Exercise: The line containing "ཡན་ཆད། རྩིས་དཀར་ནག་གི་དྲིས་ལན། གཟུངས་འབུལ་རྣམ་བཞག།" marks the end: extract everything from the first line of the data through that line, exactly, with no pictures.

____________

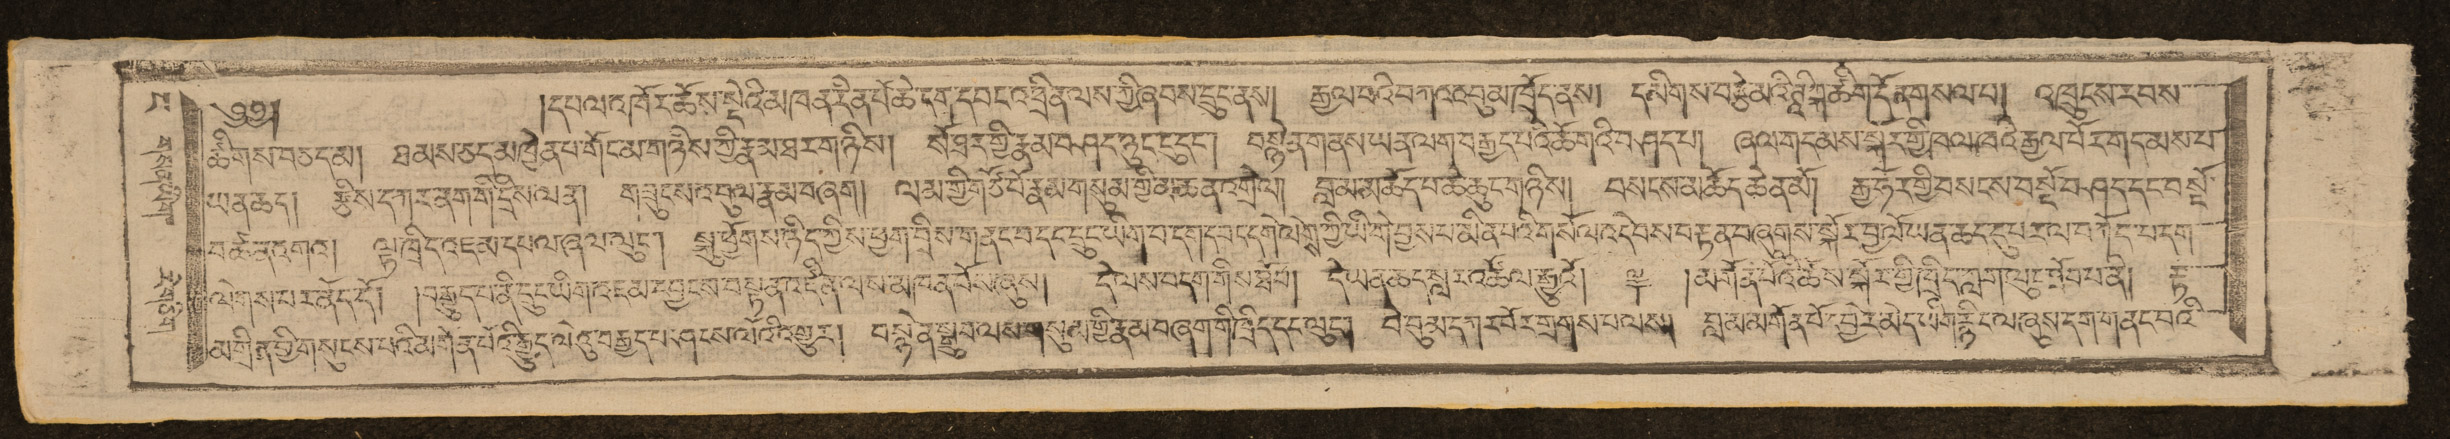༄༅། །དཔལ་འཁོར་ཆོས་སྡེའི་མཁན་རིན་པོ་ཆེ་དང་དབང་འཕྲིན་ལམ་གྱི་ཞབས་དྲུང་ནས། རྒྱལ་བའི་བཀའ་འབུམ་ཁྲོད་ནས། དམིགས་བརྩེ་མའི་ཊཱིཀྐ་ཚིག་དོན་གསལ་པ། འཁྲུངས་རབས་
ཚིགས་བཅད་མ། ཐམས་ཅད་མཁྱེན་པ་གོང་མ་གཉིས་ཀྱི་རྣམ་ཐར་གཉིས། སོ་ཐར་གྱི་རྣམ་བཤད་ཉུང་དུ་དང་། བསྙེན་གནས་ཡན་ལག་བརྒྱད་བའི་ཆོ་གའི་བཤད་པ། ཞལ་གདམས་སྐོར་གྱི་ཁལ་ཁའི་རྒྱལ་པོར་གདམས་པ་
ཡན་ཆད། རྩིས་དཀར་ནག་གི་དྲིས་ལན། གཟུངས་འབུལ་རྣམ་བཞག། ལམ་གྱི་གཙོ་བོ་རྣམ་གསུམ་གྱི་མ་ཆན་འགྲེལ། བླ་མ་མཆོད་པ་ཆེ་ཆུང་གཉིས། བསངས་མཆོད་ཆེན་མོ། རྒྱ་ཧོར་གྱི་བསངས་བསྔོ་བཤད་དང་བསྔོ་
བ་ཚན་འགའ། ལྟ་ཁྲིད་འཇམ་དཔལ་ཞལ་ལུང་། སྐུ་ཕྱོགས་ཉིད་ཀྱིས་ཕྱག་བྲིས་གནང་བ་དང་དྲུང་ཡིག་པ་དག་དབང་དགེ་ལེགས་ཀྱི་ཡི་གེ་བྱས་བ་མིན་པའི་གསོལ་འདེབས་བརྟན་བཞུགས་སྐོར་བྱ་ལོ་ཡན་ཆད་དུ་བར་ལ་བཀོད་པ་དག་
ལེགས་པར་ནོད་དོ། །བརྒྱུད་པ་ནི་དྲུང་ཡིག་འཇམ་དབྱངས་བསྟན་འཛིན་ལས་མཁན་པོས་ཞུས། དེ་ལས་བདག་གིས་ཐོབ། དེ་ཡན་ཆད་སླར་འཚོལ་རྒྱུའོ། ༈ །མགོན་པོའི་ཆོས་སྐོར་གྱི་ཁྲིད་ཀླག་ལུང་ཐོབ་པ་ནི། རྟ་
མགྲིན་གྱི་གསུངས་པའི་མགོན་པོའི་རྒྱུད་ལེའུ་བརྒྱད་པ་ཤངས་ལོའི་འགྱུར། བསྙེན་སྒྲུབ་པ་ལས་གསུམ་གྱི་རྣམ་བཞག་གི་ཁྲིད་དང་ལུང་། བེ་བུམ་དཀར་བོར་གྲགས་པ་ལས། བླ་མ་མགོན་པོ་དབྱེར་མེད་ཡིག་རྙིང་ལ་ཞུས་དག་གནང་བའི་

____________

Answer:
༄༅། །དཔལ་འཁོར་ཆོས་སྡེའི་མཁན་རིན་པོ་ཆེ་དང་དབང་འཕྲིན་ལམ་གྱི་ཞབས་དྲུང་ནས། རྒྱལ་བའི་བཀའ་འབུམ་ཁྲོད་ནས། དམིགས་བརྩེ་མའི་ཊཱིཀྐ་ཚིག་དོན་གསལ་པ། འཁྲུངས་རབས་
ཚིགས་བཅད་མ། ཐམས་ཅད་མཁྱེན་པ་གོང་མ་གཉིས་ཀྱི་རྣམ་ཐར་གཉིས། སོ་ཐར་གྱི་རྣམ་བཤད་ཉུང་དུ་དང་། བསྙེན་གནས་ཡན་ལག་བརྒྱད་བའི་ཆོ་གའི་བཤད་པ། ཞལ་གདམས་སྐོར་གྱི་ཁལ་ཁའི་རྒྱལ་པོར་གདམས་པ་
ཡན་ཆད། རྩིས་དཀར་ནག་གི་དྲིས་ལན། གཟུངས་འབུལ་རྣམ་བཞག། ལམ་གྱི་གཙོ་བོ་རྣམ་གསུམ་གྱི་མ་ཆན་འགྲེལ། བླ་མ་མཆོད་པ་ཆེ་ཆུང་གཉིས། བསངས་མཆོད་ཆེན་མོ། རྒྱ་ཧོར་གྱི་བསངས་བསྔོ་བཤད་དང་བསྔོ་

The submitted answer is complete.